McGivney credits the success of these vaccine distribution efforts to trusted community officials who were able to do this work.
“We can teach, we can do presentations, we can market,” McGivney said. “At the end of the day we all trust the person that we know,” McGivney said. “[The community members] feel comfortable sharing with that friend, with that family member, with that individual that they know and care for to hopefully help advocate for that next person.”
Outside of organizing vaccine distributions, McGivney also teaches classes to first- and second-year pharmacy students about the importance of local health networks while also coordinating wellness efforts with the PA Pharmacists Care Network and the Community Pharmacy Enhanced Services Network.
Much of her work as an educator is dedicated to orienting students in their course Community Pharmacist Practice II, where student pharmacists work in community pharmacies and assist patients. Even though COVID-19 forced many of her students out of their programs, McGivney is still dedicated to getting her students back to working with patients.
“I wouldn’t say that it was a challenge.
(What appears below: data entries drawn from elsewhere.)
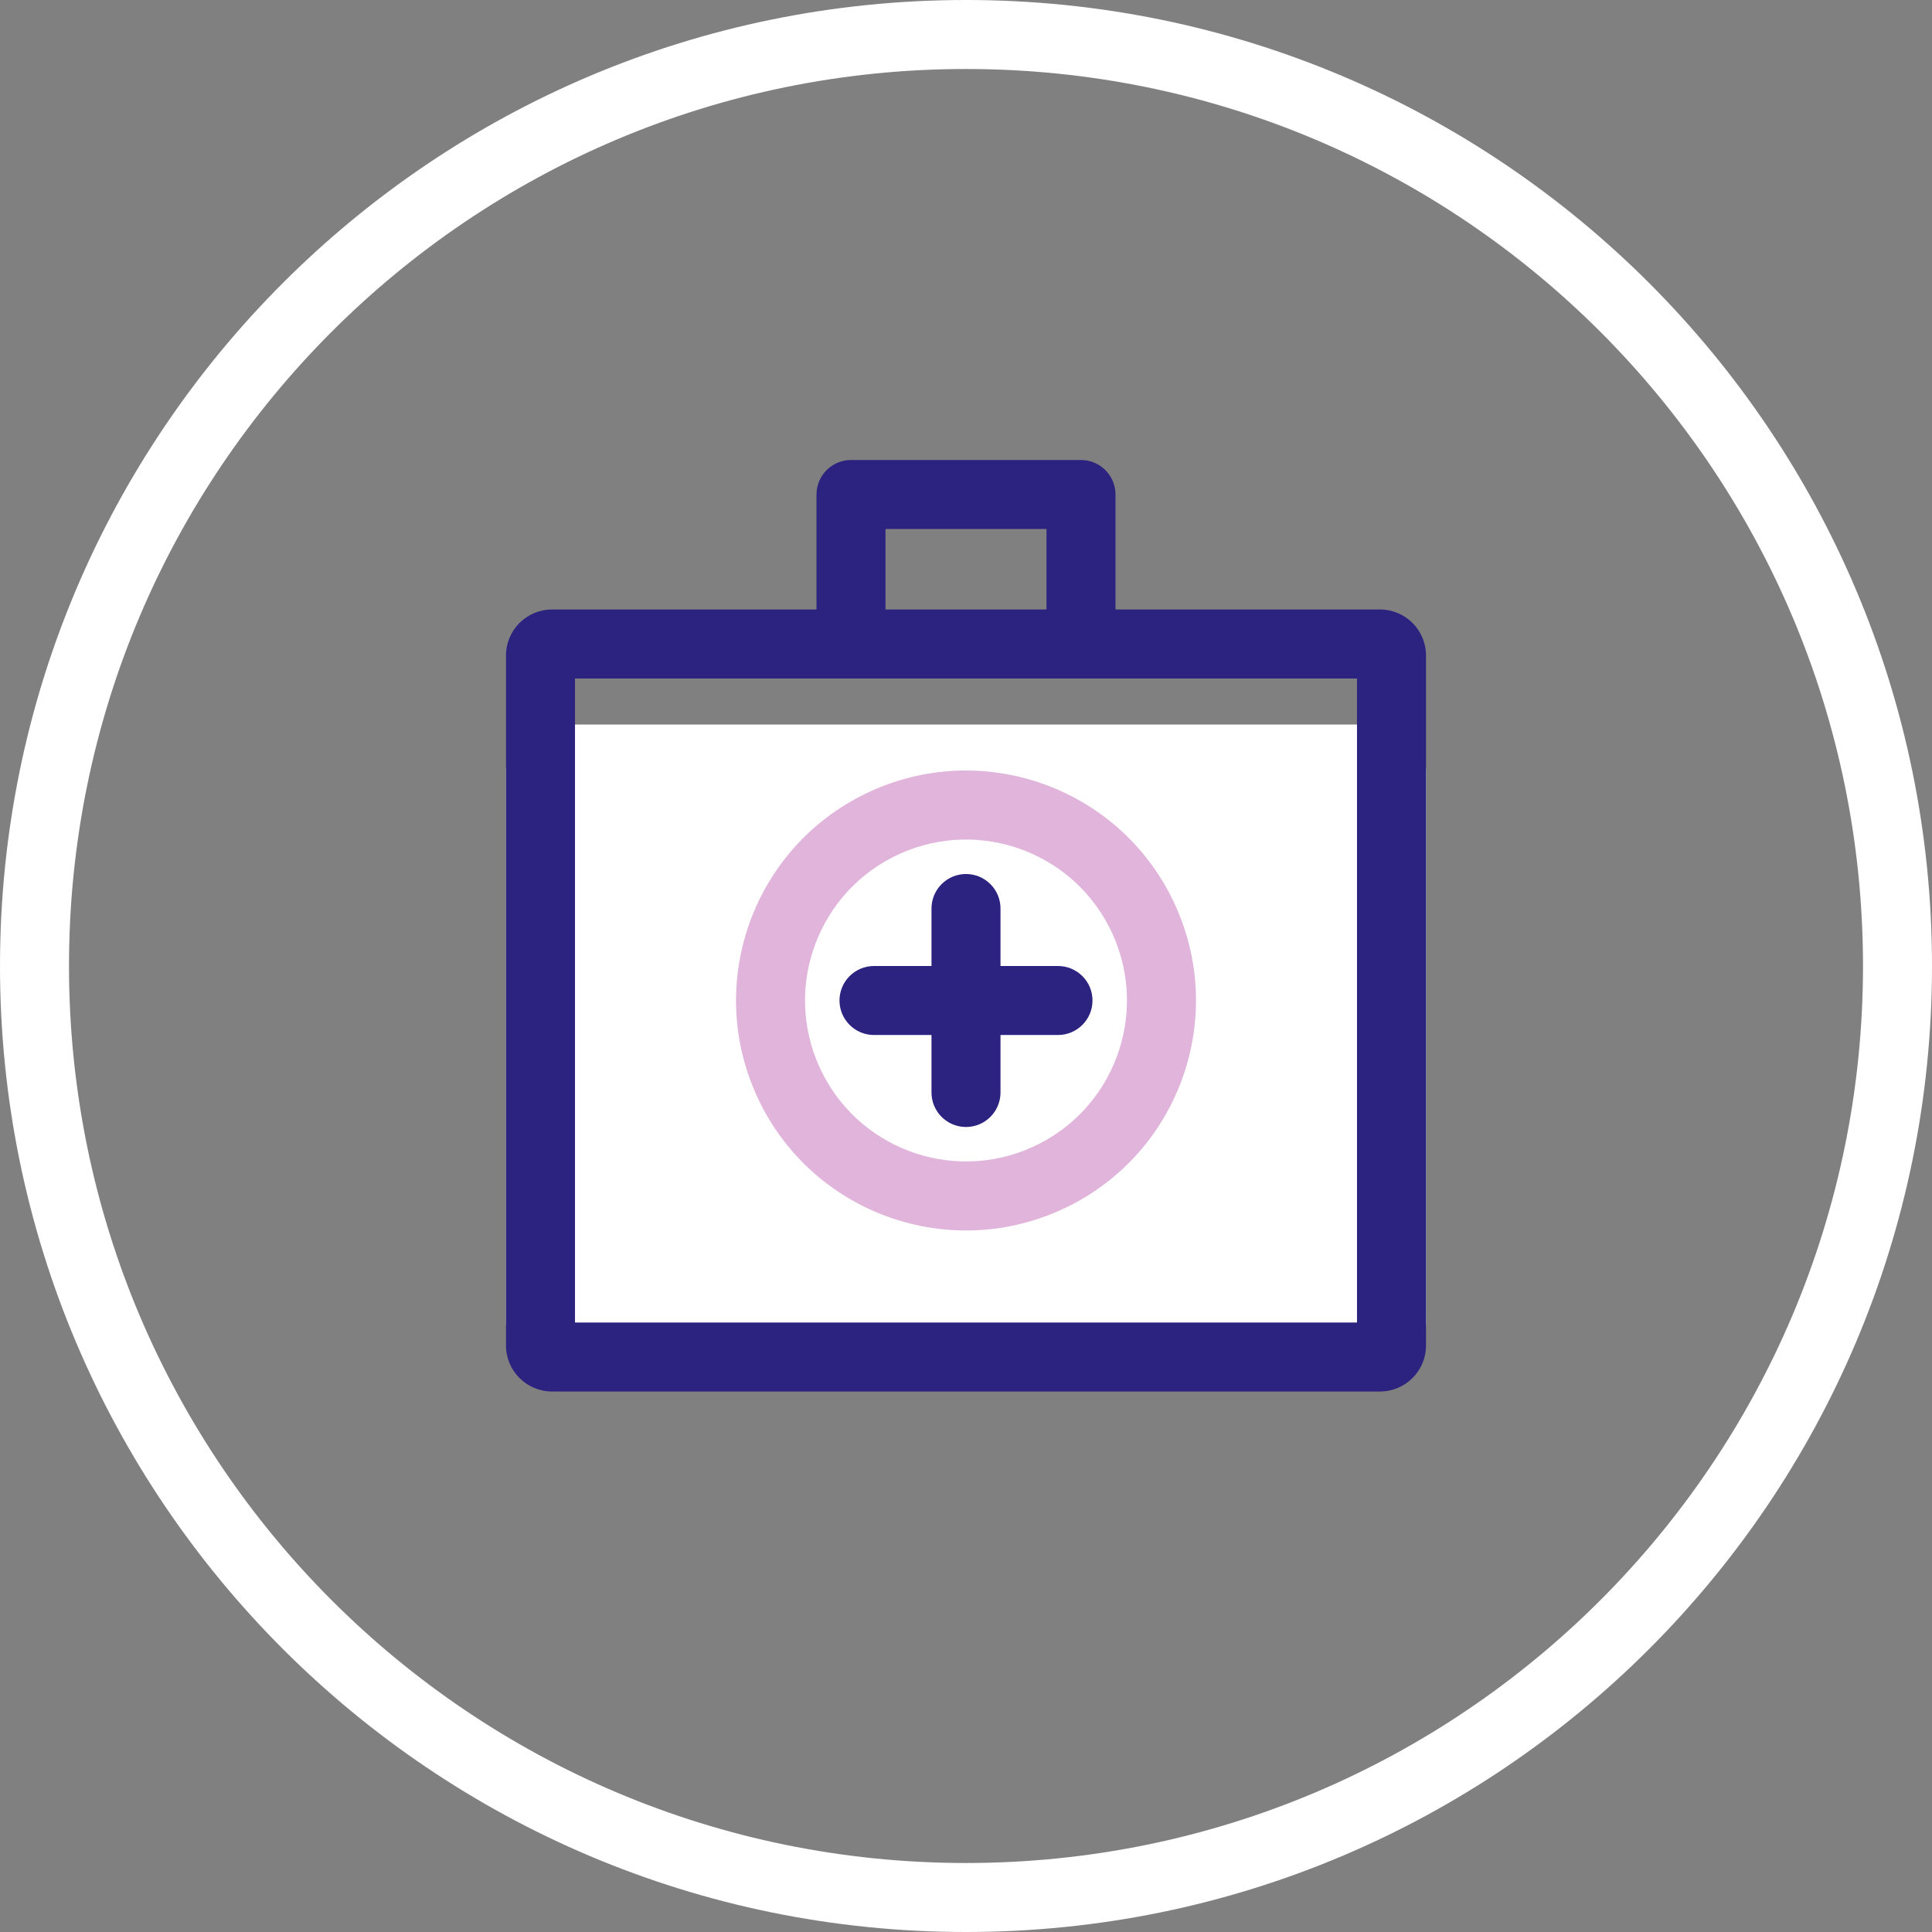<svg width="42" height="42" viewBox="0 0 42 42" fill="none" xmlns="http://www.w3.org/2000/svg">
<rect x="0" y="0" width="42" height="42" fill="#808080" stroke="none"/>
<g clip-path="url(#clip0_465_3623)">
<path fill-rule="evenodd" clip-rule="evenodd" d="M40.5 21C40.5 10.23 31.77 1.5 21 1.5C10.23 1.5 1.5 10.23 1.5 21C1.5 31.77 10.23 40.5 21 40.5C31.77 40.5 40.5 31.77 40.5 21ZM42 21C42 9.402 32.598 -1.4249e-06 21 -9.17939e-07C9.402 -4.10975e-07 -1.4249e-06 9.402 -9.17939e-07 21C-4.10975e-07 32.598 9.402 42 21 42C32.598 42 42 32.598 42 21Z" fill="white"/>
<rect x="11" y="15.75" width="20" height="14" rx="1" fill="white"/>
<path fill-rule="evenodd" clip-rule="evenodd" d="M12.5 28.75L29.5 28.75L29.5 14.75L12.5 14.75L12.5 28.75ZM11 29.25C11 29.802 11.448 30.25 12 30.25L30 30.25C30.552 30.25 31 29.802 31 29.25L31 14.25C31 13.698 30.552 13.25 30 13.25L12 13.25C11.448 13.25 11 13.698 11 14.25L11 29.25Z" fill="#2C2380"/>
<path d="M16.445 23.808C15.308 21.292 16.426 18.331 18.942 17.195C21.458 16.058 24.419 17.176 25.555 19.692C26.692 22.208 25.574 25.169 23.058 26.305C20.542 27.442 17.581 26.324 16.445 23.808Z" fill="white"/>
<path fill-rule="evenodd" clip-rule="evenodd" d="M19.559 18.562C17.799 19.357 17.016 21.43 17.812 23.191C18.607 24.951 20.68 25.734 22.441 24.938C24.201 24.143 24.984 22.07 24.188 20.309C23.393 18.549 21.32 17.766 19.559 18.562ZM18.942 17.195C16.426 18.331 15.308 21.292 16.445 23.808C17.581 26.324 20.542 27.442 23.058 26.305C25.574 25.169 26.692 22.208 25.555 19.692C24.419 17.176 21.458 16.058 18.942 17.195Z" fill="#E0B4DB"/>
<path fill-rule="evenodd" clip-rule="evenodd" d="M17.75 10.75C17.75 10.336 18.086 10 18.5 10H23.5C23.914 10 24.25 10.336 24.25 10.75V14.25H22.75V11.5H19.25V14.25H17.75V10.75Z" fill="#2C2380"/>
<path fill-rule="evenodd" clip-rule="evenodd" d="M21 19C21.414 19 21.75 19.336 21.75 19.75L21.75 23.75C21.75 24.164 21.414 24.5 21 24.5C20.586 24.5 20.25 24.164 20.25 23.75L20.25 19.75C20.25 19.336 20.586 19 21 19Z" fill="#2C2380"/>
<path fill-rule="evenodd" clip-rule="evenodd" d="M23.75 21.75C23.75 22.164 23.414 22.5 23 22.5L19 22.5C18.586 22.5 18.25 22.164 18.25 21.75C18.25 21.336 18.586 21 19 21L23 21C23.414 21 23.75 21.336 23.75 21.75Z" fill="#2C2380"/>
</g>
<defs>
<clipPath id="clip0_465_3623">
<rect width="42" height="42" fill="white"/>
</clipPath>
</defs>
</svg>

I look at everything as a new puzzle,” McGivney said. “So I’m always up for the next thing and that, recognizing that we are in a pandemic, we’re all in this thing together.”
McGivney said she’s impressed by her students’ dedication to providing COVID-19 tests and educating patients about their medications at local Giant Eagle and Rite Aid pharmacies.
McGivney added that watching her students adapt to working in a pandemic is something that inspires her, impressing her with their dedication to serve their communities.
“My students always inspire me,” McGivney said. “And I’ve been amazed over the years that when I get stuck, it just takes one, it just takes one student.”
Brooke Kulusich, a third-year student who has known McGivney since her first year of pharmacy school, sees her as an inspiration as well. Kulusich had an internship last summer that was cancelled due to COVID-19.
“When I learned that my summer internship had been cancelled due to the COVID-19 pandemic, Dr. McGivney was the first person I told,” Kulusich said. “While I was tempted to wallow in my disappointment, Dr. McGivney was already rattling off alternative plans to make the most of my summer and connect me with experiences that would align with my career goals. I know she would do this for any of her students.”
Throughout her time as a practitioner, McGivney has taught her students to take the time to really listen to their patients. She feels that being a primary contact for people is crucial to her role as a pharmacist.
“Pharmacists are in this really unique space where people can just walk in and talk to us,” McGivney said. “We’re the front door of health care. You can talk to pharmacists any time the door is open. And those doors stayed open, even during COVID.”
Tharp-Gilliam expressed in an email to McGivney after the Homewood and Hill District clinics how impressed she was with McGivney’s efforts to train her students to be attentive to the needs of others.
“Your students are a testament to the training they’re receiving. Your program is obviously doing an extraordinary job training the next generation of pharmacists,” Tharp-Gilliam said. “I say that because it’s not possible that every single person would have come into the program with the same high level of care and concern for a community outside their own.”
With a careful balance of hearing and teaching her patients, McGivney aims to meet the goals of both the health care system and the people that she serves. This balance is something she hopes to impart on her students as they continue to grow as pharmacists and community members.
“That’s why I teach,” McGivney said. “We’re teaching and supporting and, we hope, inspiring the students to care for the people in any community anywhere they are, to take care of their needs.”